2.4 Pay as you go payments comprise Land Securities Trillium's unavoidable costs including its loss of profit, but mitigated by any additional revenue it can generate from the vacated space, for example, from sublet income or sales proceeds brought forward. Once the Department has vacated a property that proportion of the unitary charge relating to that property, its facility price (FP), is no longer paid.

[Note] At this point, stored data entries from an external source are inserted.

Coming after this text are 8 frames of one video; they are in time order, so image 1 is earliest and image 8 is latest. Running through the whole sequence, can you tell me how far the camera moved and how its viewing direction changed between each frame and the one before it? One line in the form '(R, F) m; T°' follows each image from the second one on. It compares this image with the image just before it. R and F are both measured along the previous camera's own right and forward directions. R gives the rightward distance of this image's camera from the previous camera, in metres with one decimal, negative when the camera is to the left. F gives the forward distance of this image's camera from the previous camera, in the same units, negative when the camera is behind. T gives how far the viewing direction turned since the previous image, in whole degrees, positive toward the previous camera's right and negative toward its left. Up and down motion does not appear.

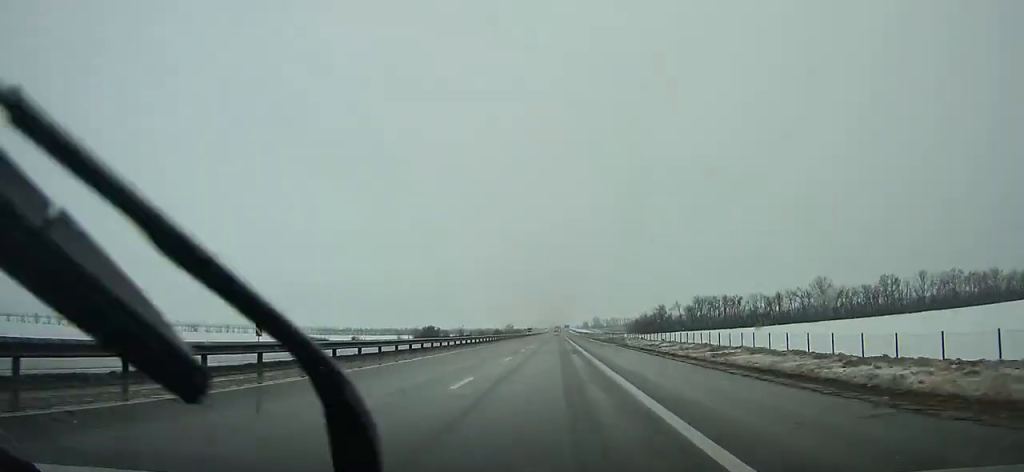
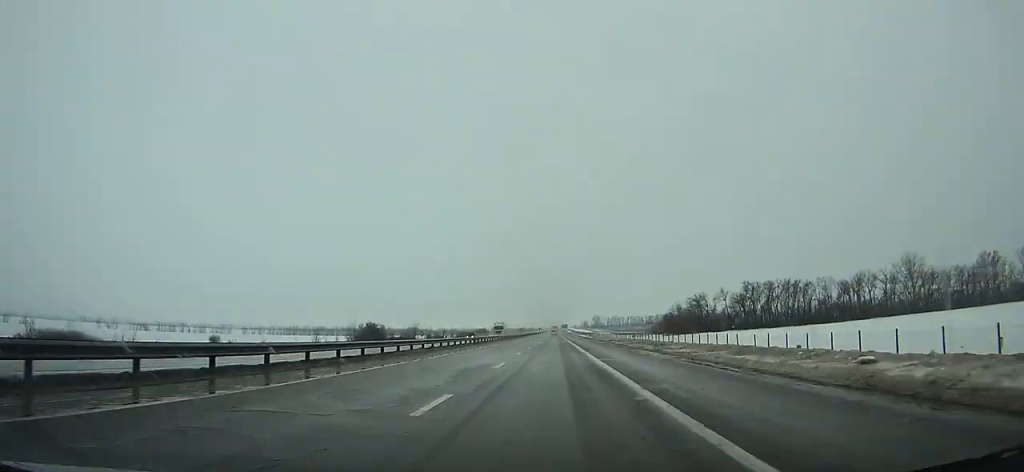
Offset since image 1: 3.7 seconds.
(+0.3, +74.1) m; 0°
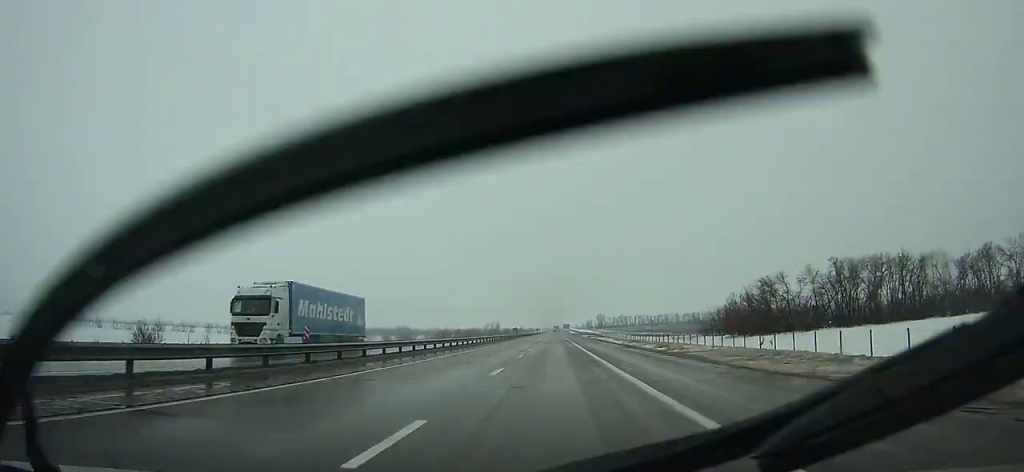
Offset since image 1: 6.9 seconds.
(-0.1, +64.5) m; 0°
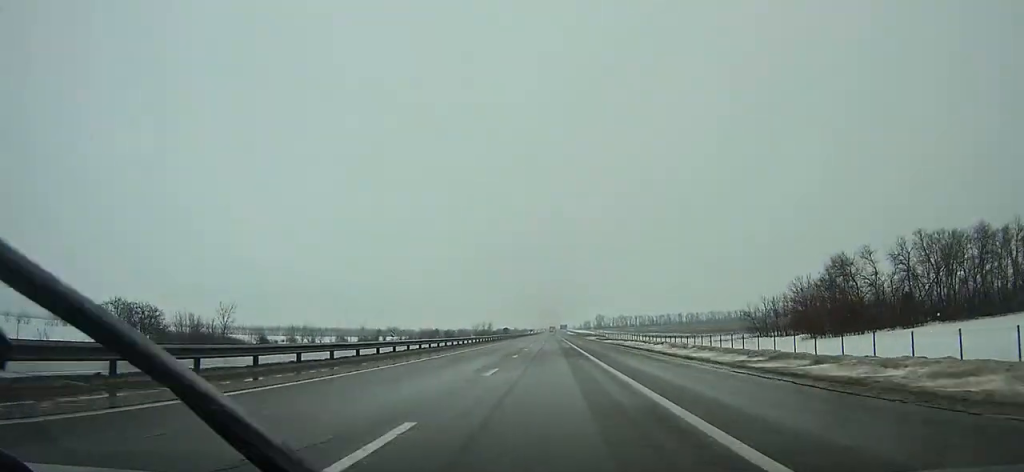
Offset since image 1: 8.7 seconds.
(+0.1, +36.7) m; 0°
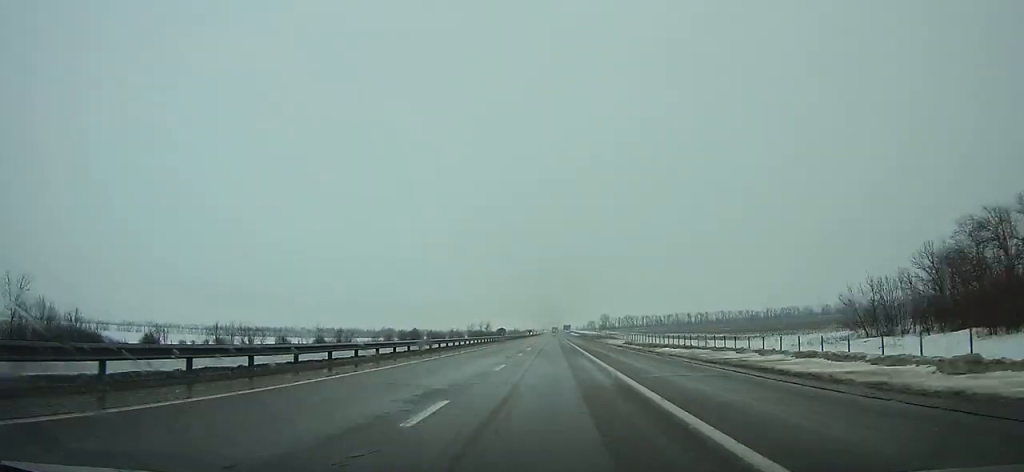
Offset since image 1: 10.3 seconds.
(0.0, +32.9) m; 0°
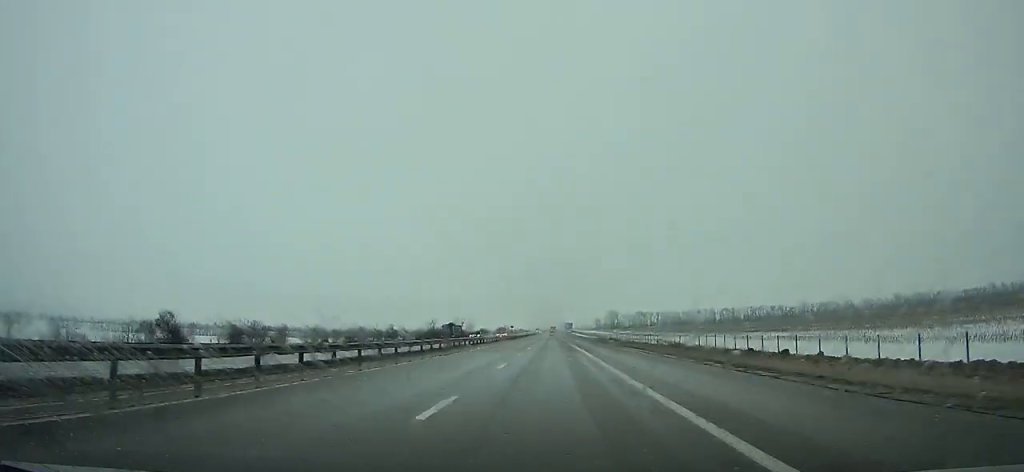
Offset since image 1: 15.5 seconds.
(-0.2, +108.9) m; 0°
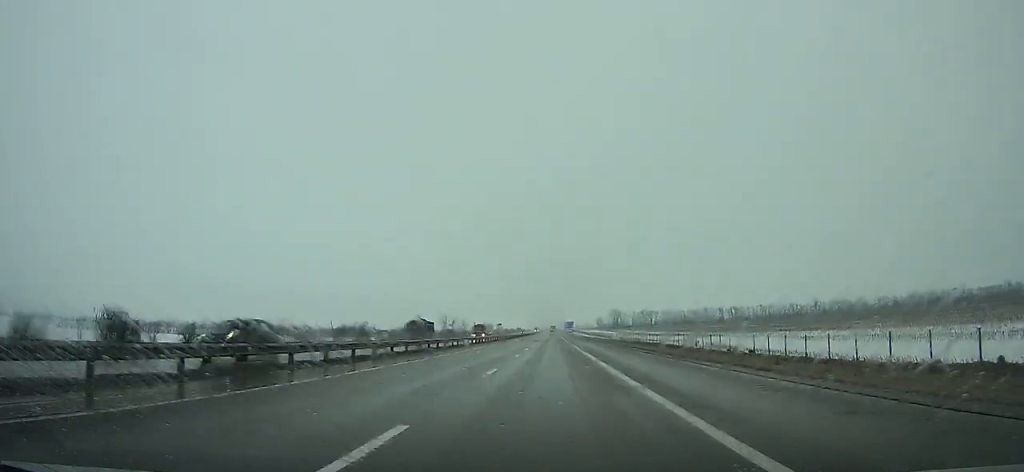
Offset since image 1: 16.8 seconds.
(+0.1, +28.0) m; 0°
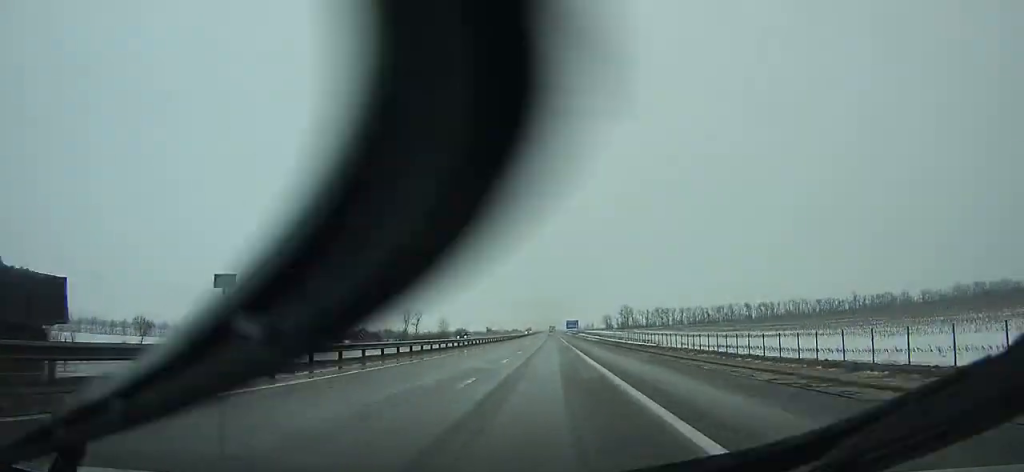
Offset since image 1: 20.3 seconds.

2.5 Before the signing of the expanded contract, the Department had only used 47,000 square metres of the 197,328 of the flexible space it had purchased the right to vacate on the PRIME deal. At the time, the purchase of this much flexibility seemed reasonable, but as circumstances changed not so much was required. The Department could not reduce the amount of flexibility it had purchased under the PRIME contract as this would have been regarded as a fundamental change to the contract which could not be done through the non-competitive negotiation of the expanded PRIME contract. Following our past recommendations, however, the Department structured the flexibility package on the PRIME expansion estate to mitigate the risk that too much flexibility was bought "up front" through the unitary charge and then not used but balanced it against the higher cost of "pay as you go" flexibility. The Department can:
■ acquire more flexi-core vacation allowance, or sell back unused allowance. The price is the same for purchase and sale, is not property specific, and declines as the contract progresses;
■ vacate flexi-core space as if core by paying Unavoidable Costs (UACs), once all the flexi-core allowance has been used. This mitigates the risk that the Department needs to vary its "pre-paid" flexi-core allowance; and
■ reduce the costs of "pay as you go" flexibility by offsetting UACs against the cost of new acquisitions.